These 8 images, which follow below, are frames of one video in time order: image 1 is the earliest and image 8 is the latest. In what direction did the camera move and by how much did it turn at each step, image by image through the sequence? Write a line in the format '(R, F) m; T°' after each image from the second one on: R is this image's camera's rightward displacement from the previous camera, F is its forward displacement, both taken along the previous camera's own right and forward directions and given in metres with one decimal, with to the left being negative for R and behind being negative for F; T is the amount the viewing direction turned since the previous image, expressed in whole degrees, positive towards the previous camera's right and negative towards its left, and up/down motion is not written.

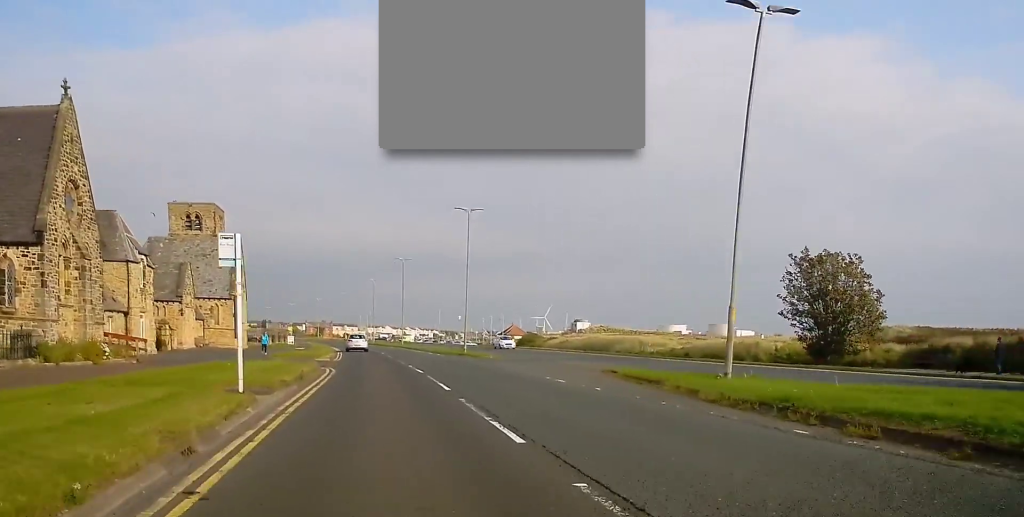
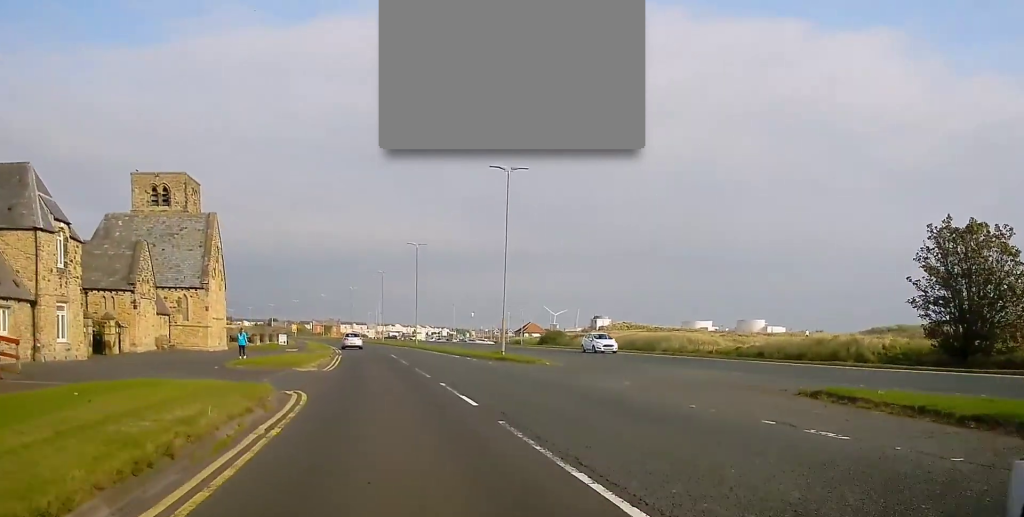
(-0.3, +13.3) m; -1°
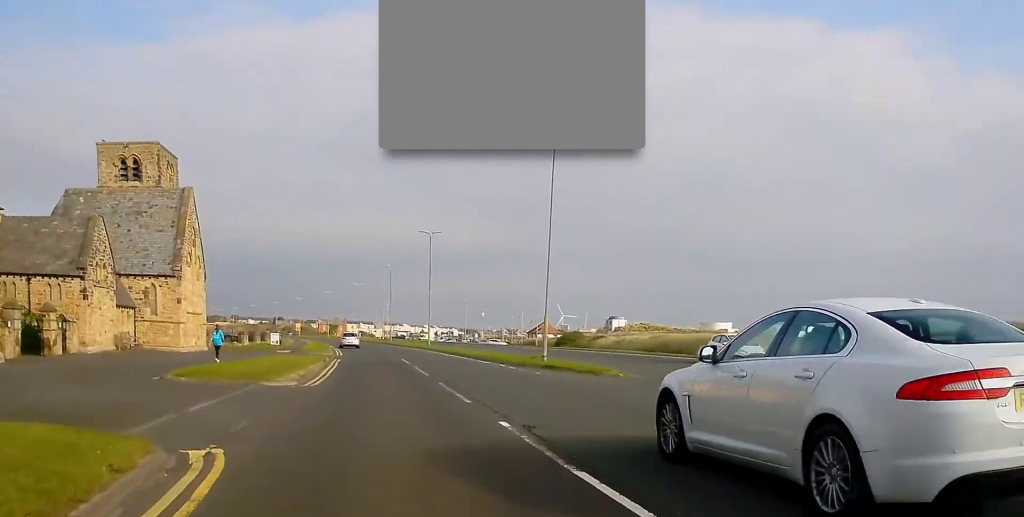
(-0.1, +8.9) m; 0°
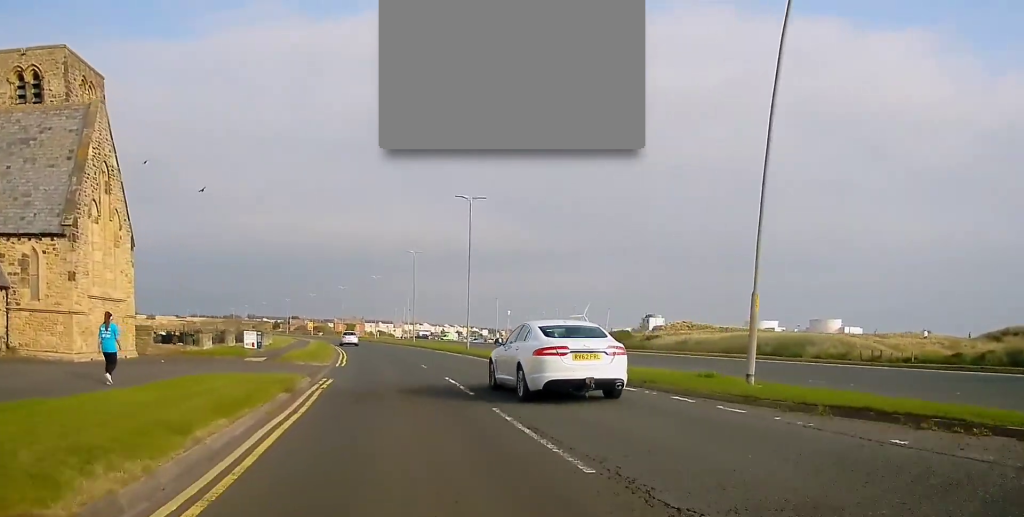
(+0.1, +17.7) m; -1°
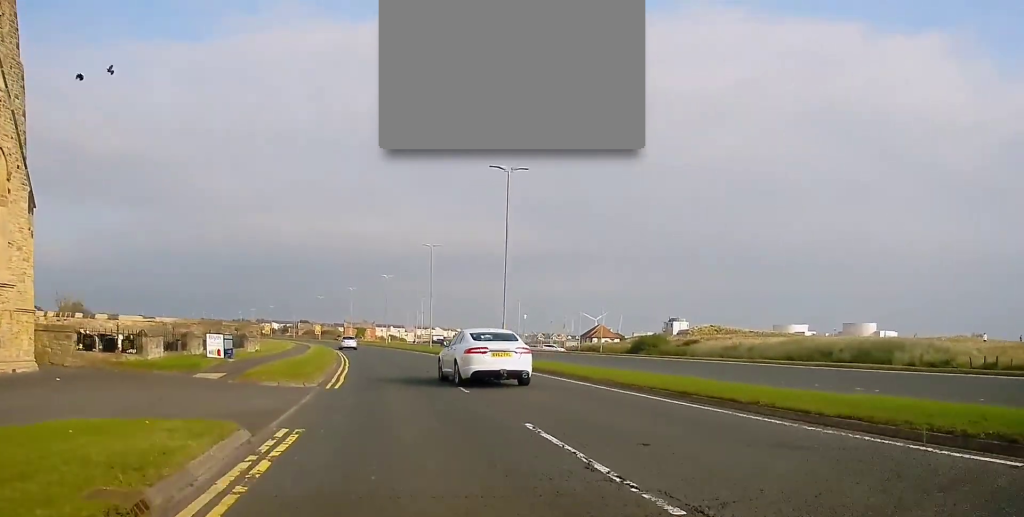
(-0.1, +10.6) m; -1°
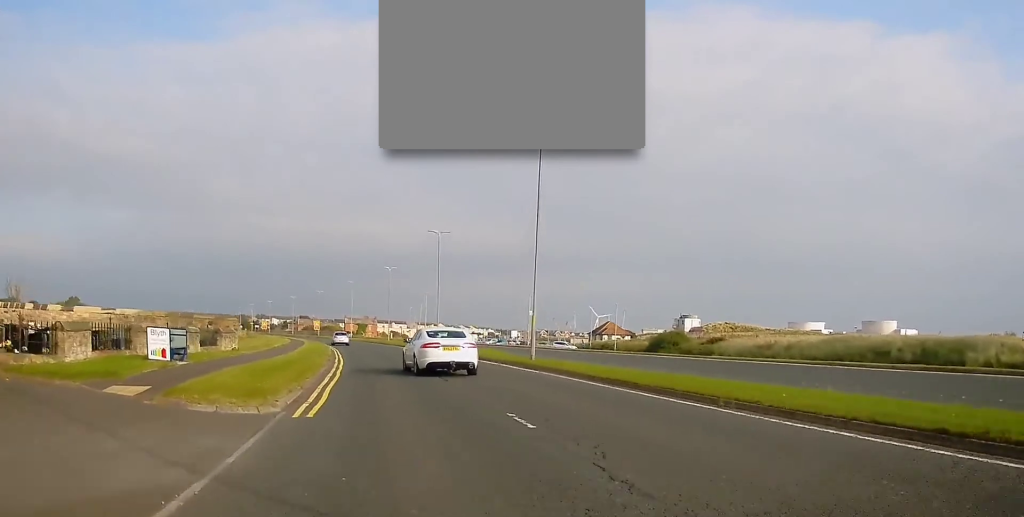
(-0.1, +7.4) m; 0°
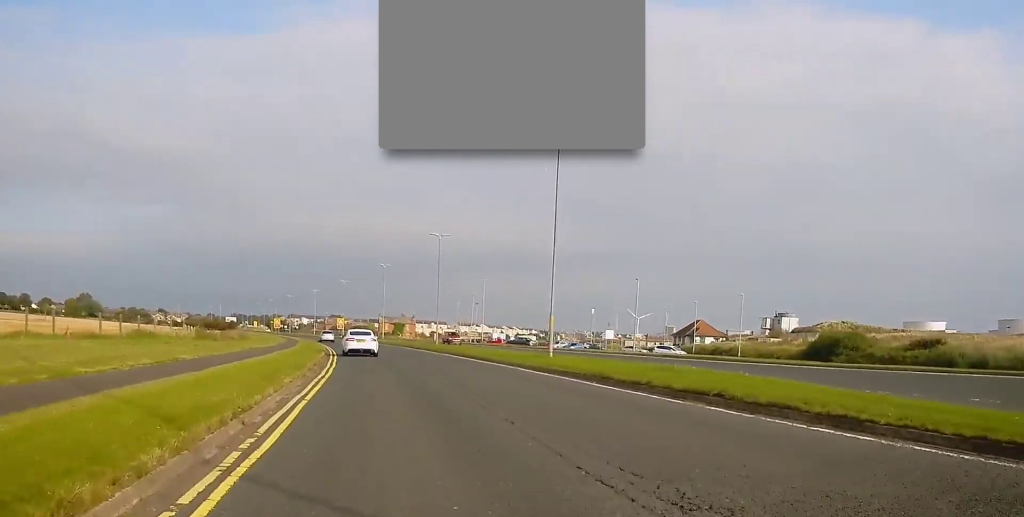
(-0.4, +36.3) m; -3°
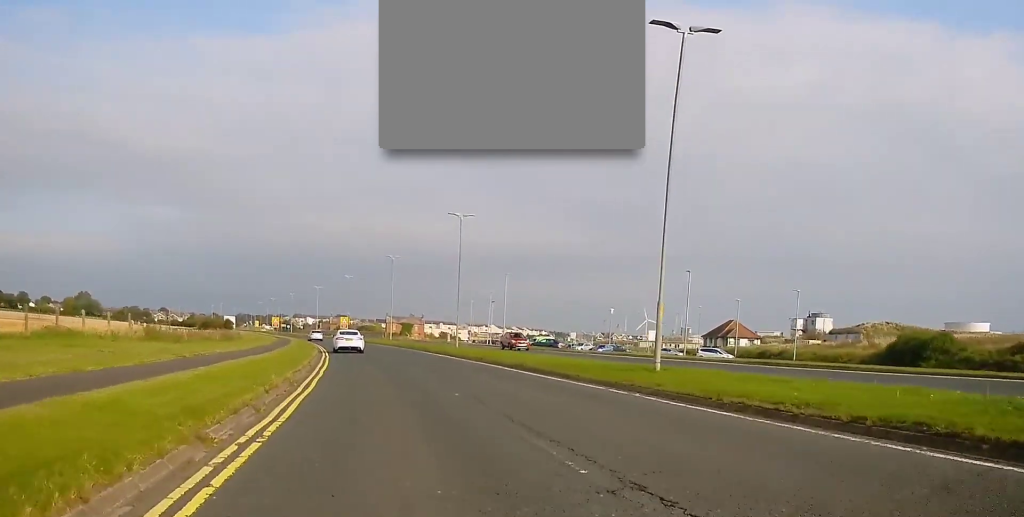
(-0.3, +12.8) m; -2°

REQUIREMENT — For this exercise, please reproduce the records above exactly and drop the images.

EXERCISE ANSWER —
These 8 images, which follow below, are frames of one video in time order: image 1 is the earliest and image 8 is the latest. In what direction did the camera move and by how much did it turn at each step, image by image through the sequence? Write a line in the format '(R, F) m; T°' after each image from the second one on: R is this image's camera's rightward displacement from the previous camera, F is its forward displacement, both taken along the previous camera's own right and forward directions and given in metres with one decimal, with to the left being negative for R and behind being negative for F; T is the amount the viewing direction turned since the previous image, expressed in whole degrees, positive towards the previous camera's right and negative towards its left, and up/down motion is not written.

(-0.3, +13.3) m; -1°
(-0.1, +8.9) m; 0°
(+0.1, +17.7) m; -1°
(-0.1, +10.6) m; -1°
(-0.1, +7.4) m; 0°
(-0.4, +36.3) m; -3°
(-0.3, +12.8) m; -2°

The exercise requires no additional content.